Societal Complacency Regarding The Disabled

     According to a recent report, “Disabled people are being ‘left behind in society’ and have ‘very poor’ life chances” (BBC). This report covered six key aspects: “education, work, standard of living, health and care, justice and detention, and participation and identity.” (BBC). In all of these aspects disabled people have faced an increase in disadvantage. It is very difficult for people to take care of the disabled and this burden often falls on the family of the disabled. These costs can be enormous and unduly burdening to those who of no fault of their own are disabled or have a disabled child or family member that they have to take care of.

     The reason for this increase in disadvantage is due to the way we currently view the disabled. In our market society, we tend to value people on their perceived worth within the market. One might argue that this is not the case and we do not assign worth based upon labor value within the market but in a market society it is difficult to disentangle perceived societal worth from labor value. “The market is hardly ever avoidable in a market society” states Cohen, and this fact leads to the often unfortunate conditions the disabled find themselves in. Because the labor of the disabled is not as valuable the disabled are seen as less valuable and worth less.

     According to this report, the disabled young have the lowest median earnings of any demographic group, they are less likely to own their own home, and families with a disabled member are more likely to live in relative poverty. In response to this report, a government spokesperson said that the government was committed to “ensuring equality of opportunity for disabled people”. This is another way of saying they will continue to promote bourgeois equality of opportunity, the prevailing liberal egalitarian principle. However, trying to promote this equality of opportunity within a market society lends itself to a systematic complacency due to the insurmountability of the task. A disabled person can never truly have equality of opportunity within a market society because they will never achieve the wage labor value of a fully-abled person. Because of this a societal complacency exists where the public can never truly achieve its goal; so then why expend too much effort when more realistic goals are at hand? This complacency is clearly to the detriment of the disabled.
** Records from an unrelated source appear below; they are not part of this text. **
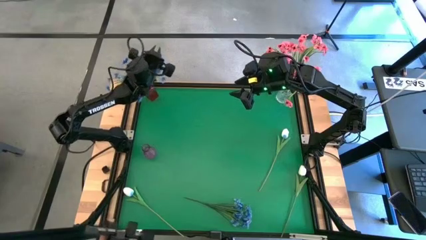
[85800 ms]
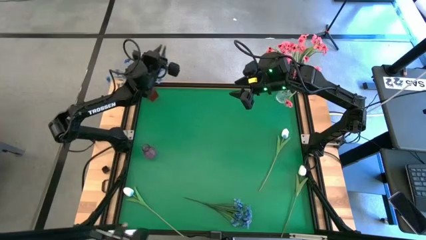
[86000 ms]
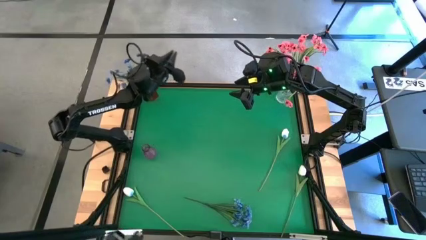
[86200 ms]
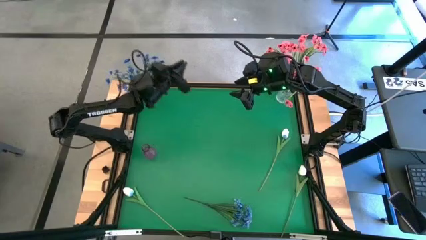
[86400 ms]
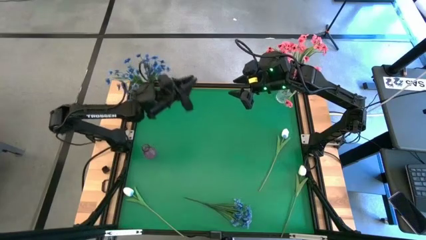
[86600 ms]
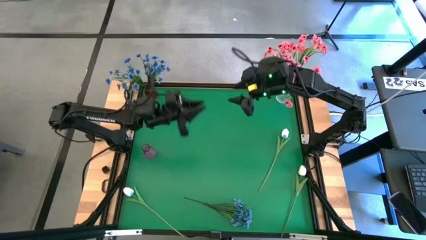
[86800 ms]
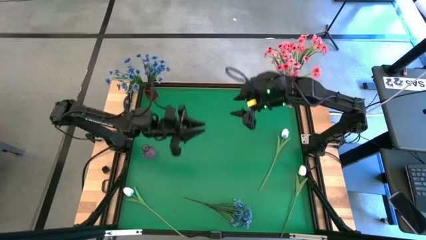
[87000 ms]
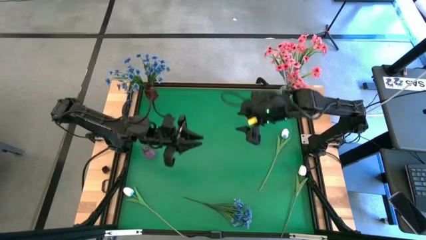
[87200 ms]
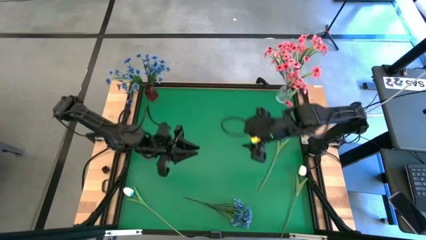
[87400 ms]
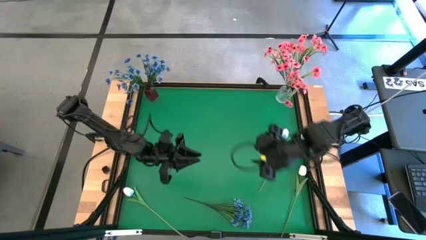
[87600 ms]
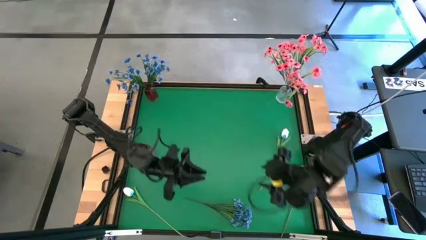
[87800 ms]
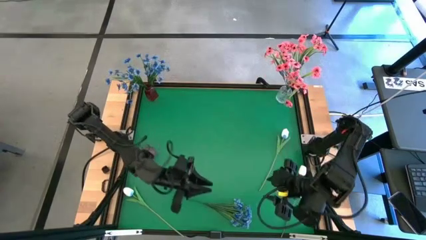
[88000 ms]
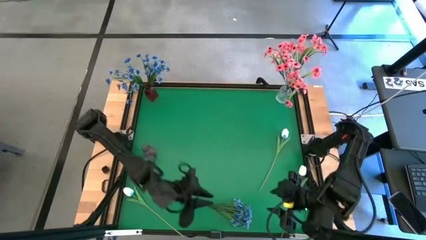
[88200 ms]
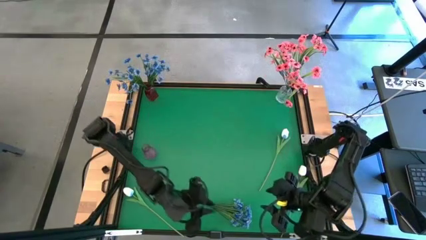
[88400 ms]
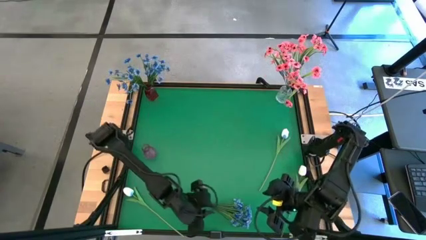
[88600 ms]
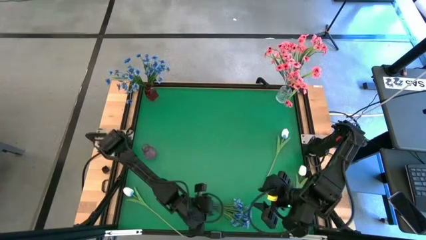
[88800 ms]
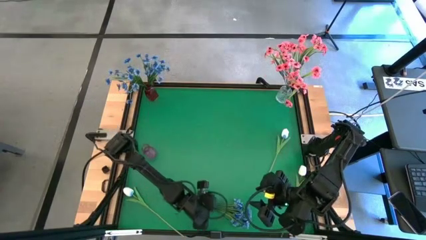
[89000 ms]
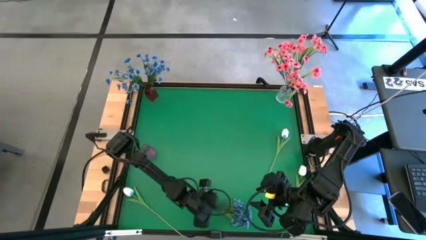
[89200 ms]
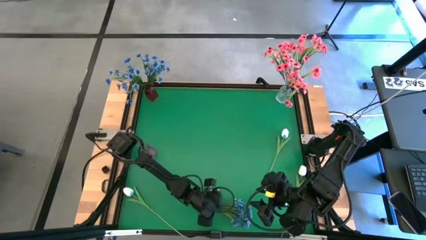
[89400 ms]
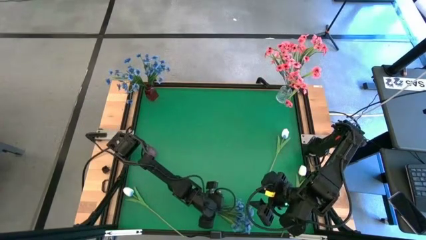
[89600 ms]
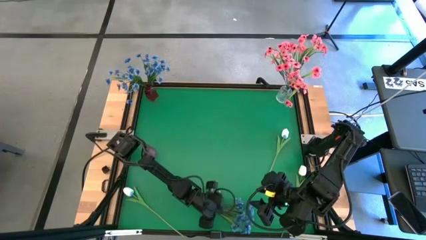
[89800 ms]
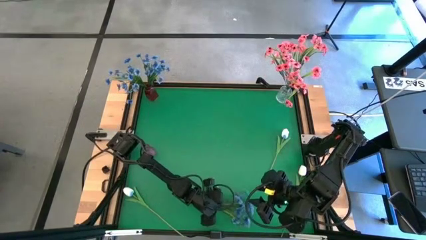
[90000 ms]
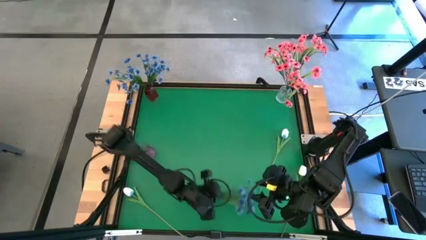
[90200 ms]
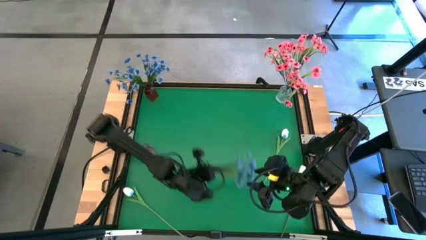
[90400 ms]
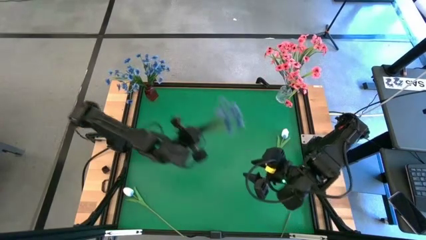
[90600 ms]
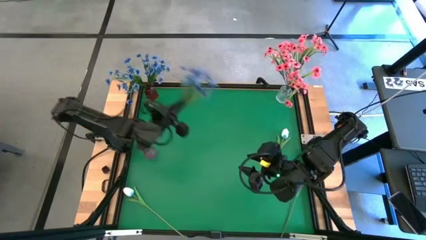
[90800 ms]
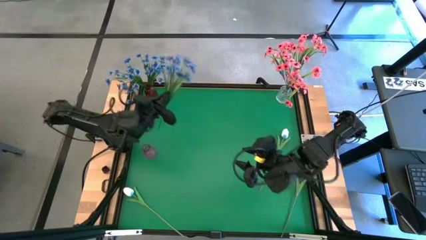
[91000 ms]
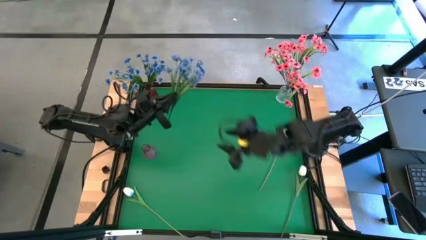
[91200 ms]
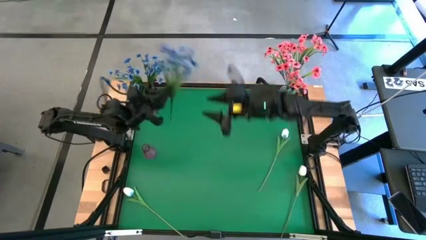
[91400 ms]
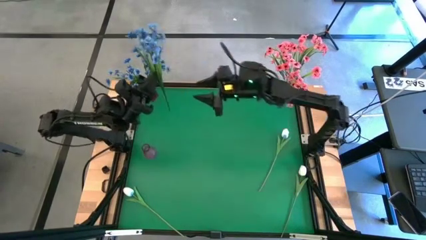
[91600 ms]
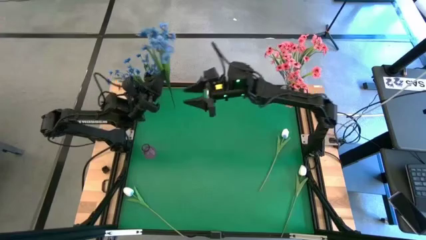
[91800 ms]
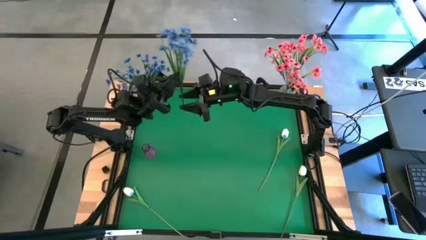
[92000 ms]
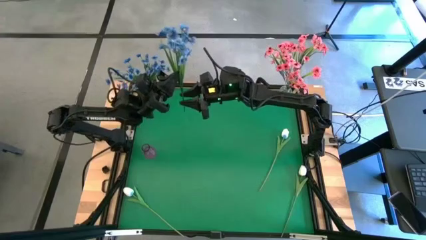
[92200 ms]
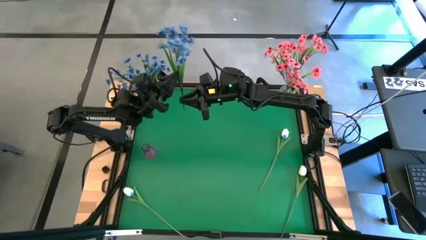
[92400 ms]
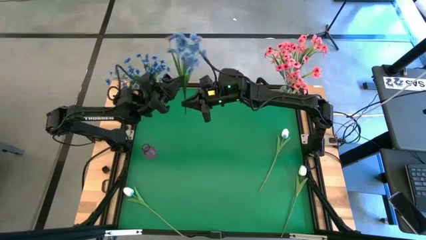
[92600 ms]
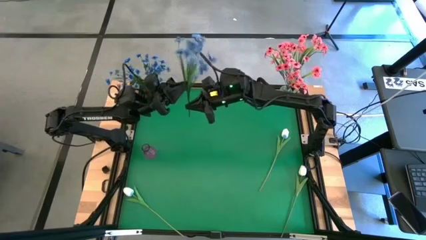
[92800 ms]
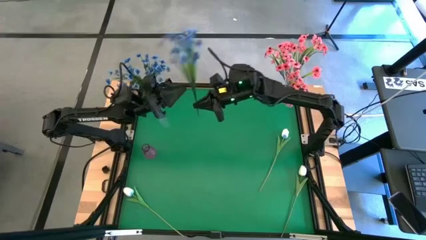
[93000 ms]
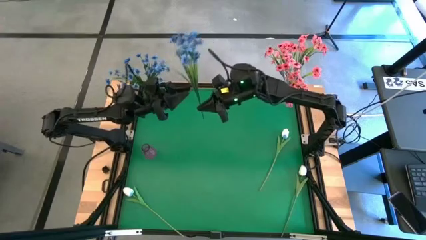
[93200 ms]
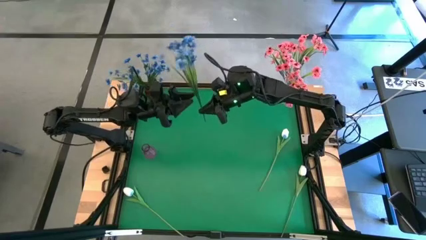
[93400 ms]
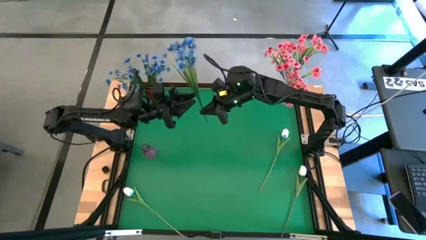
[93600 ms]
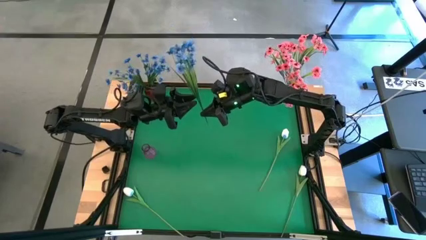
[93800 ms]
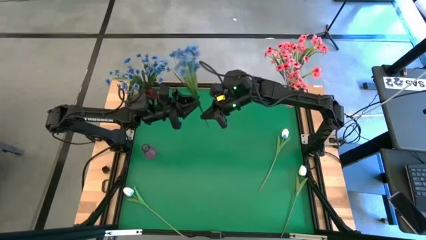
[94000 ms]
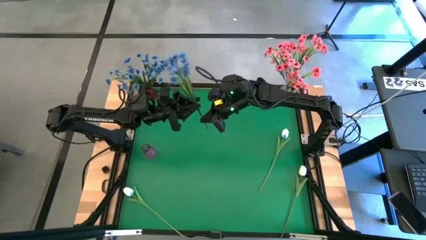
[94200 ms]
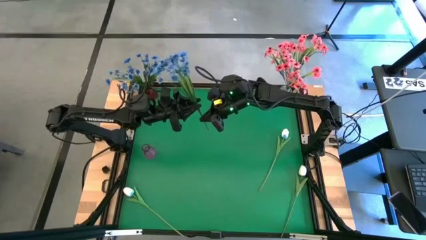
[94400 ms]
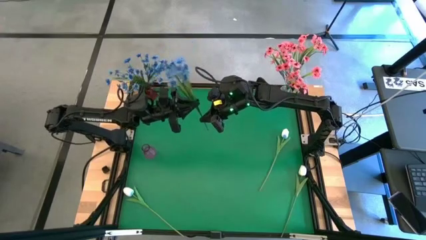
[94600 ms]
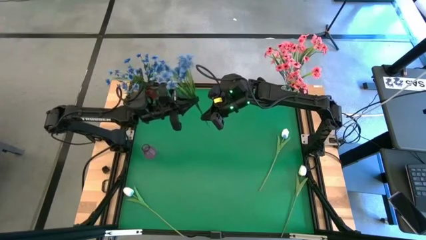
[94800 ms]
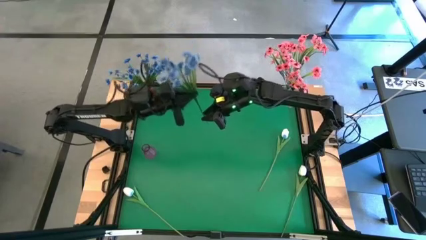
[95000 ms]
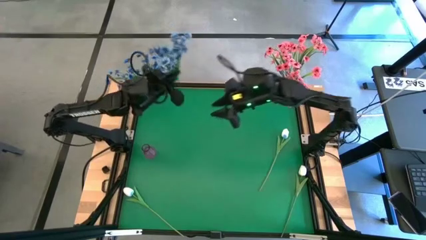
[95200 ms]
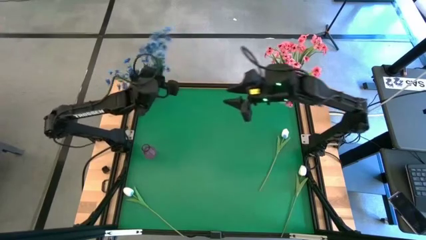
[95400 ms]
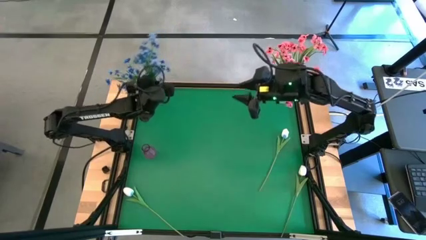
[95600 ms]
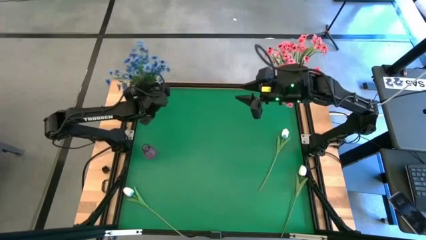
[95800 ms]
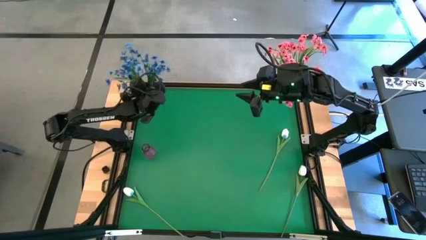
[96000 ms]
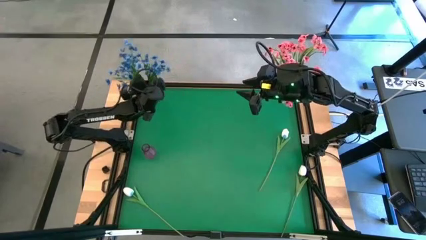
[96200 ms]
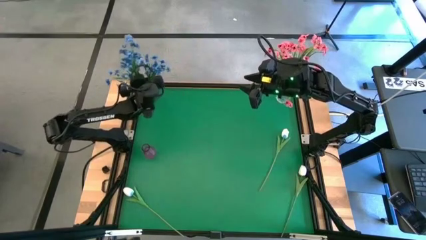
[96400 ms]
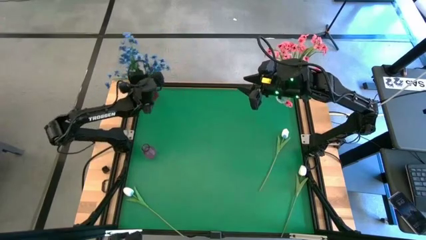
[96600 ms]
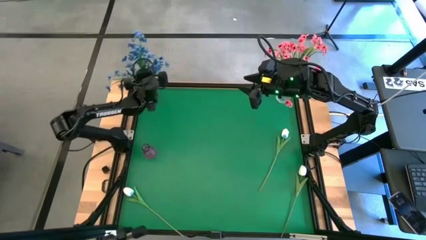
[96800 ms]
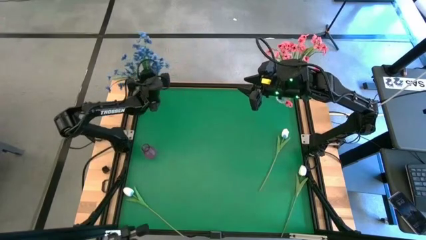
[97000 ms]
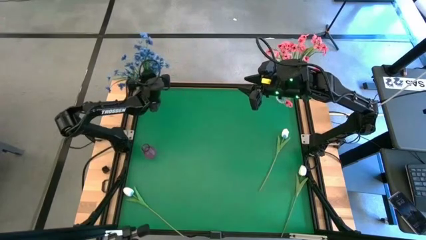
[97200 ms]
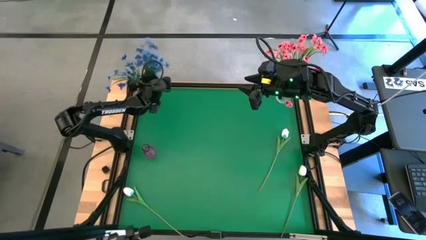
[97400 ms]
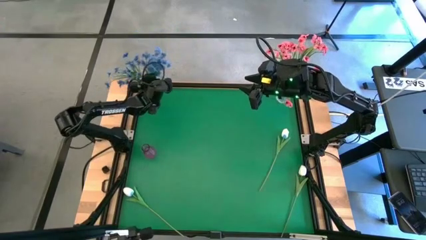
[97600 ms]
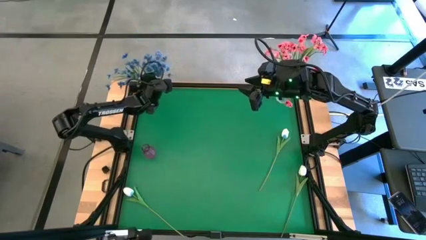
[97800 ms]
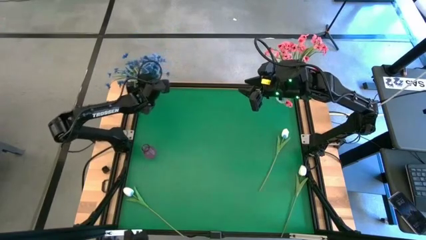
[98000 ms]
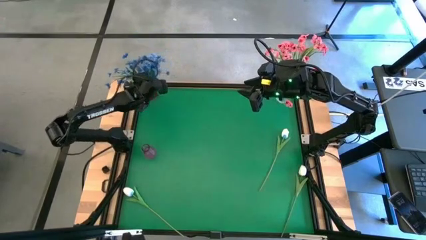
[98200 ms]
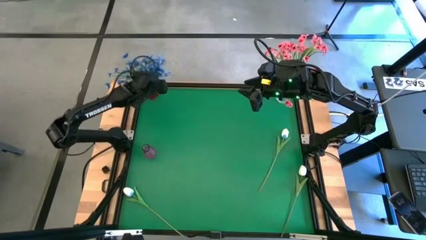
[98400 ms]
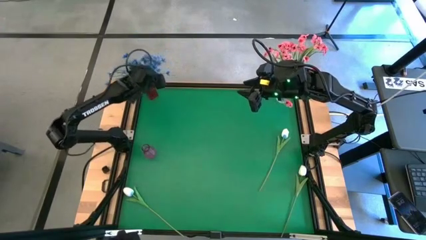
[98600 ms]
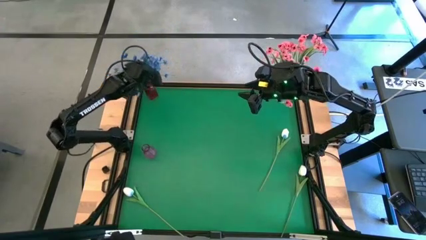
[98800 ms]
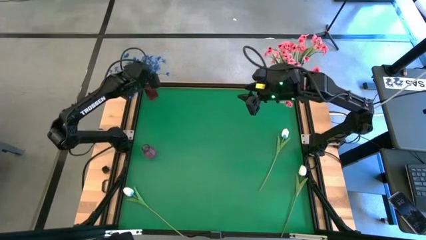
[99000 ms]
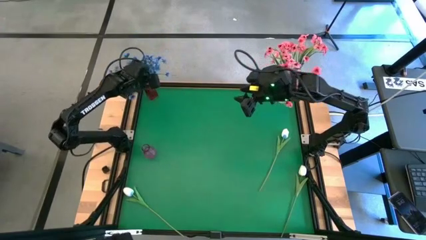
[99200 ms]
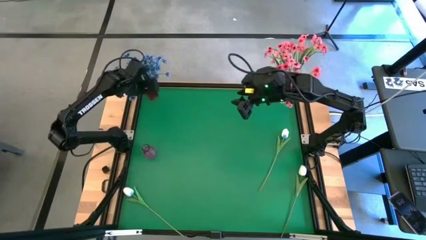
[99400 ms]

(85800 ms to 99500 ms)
Task: Sort flowers into vase by color
Put the blue flowers into the red vase

     The solution is to reframe how we define our egalitarian principle. Cohen offers a socialist equality of opportunity where “differences of outcome reflect nothing but differences of taste and choice”. If this egalitarian principle were used in a non-market society the underlying motivation for helping disabled people would shift from trying to make the worth of the disabled (which is based on labor-value) equal to the fully-abled to making the quality of the lives of the disabled within the community “reflect nothing but differences of taste and choice” (Cohen). This would mean that the disabled would be part of communal networks engaged in planned mutual giving where the disabled are not simply viewed as less because their labor is worth less.

     In a society based on Cohen’s socialist equality of opportunity and anti-market communal reciprocity the socially constructed inferior worth of the disabled is exposed and subsequently swept away. There is no reason a disabled person’s value should be less but in our current liberal society that emphasizes equality of opportunity we view the disabled as being worth less. This makes it impossible to make them equal to the fully-abled which encourages laxness and complacency in aiding and improving the lives of the disabled.


Cohen, G. A. Why Not Socialism? Princeton, NJ: Princeton UP, 2009. Print.

“Disabled People ‘left behind in Society’, Report Finds.” BBC News. BBC, 03 Apr. 2017. Web. 03 Apr. 2017.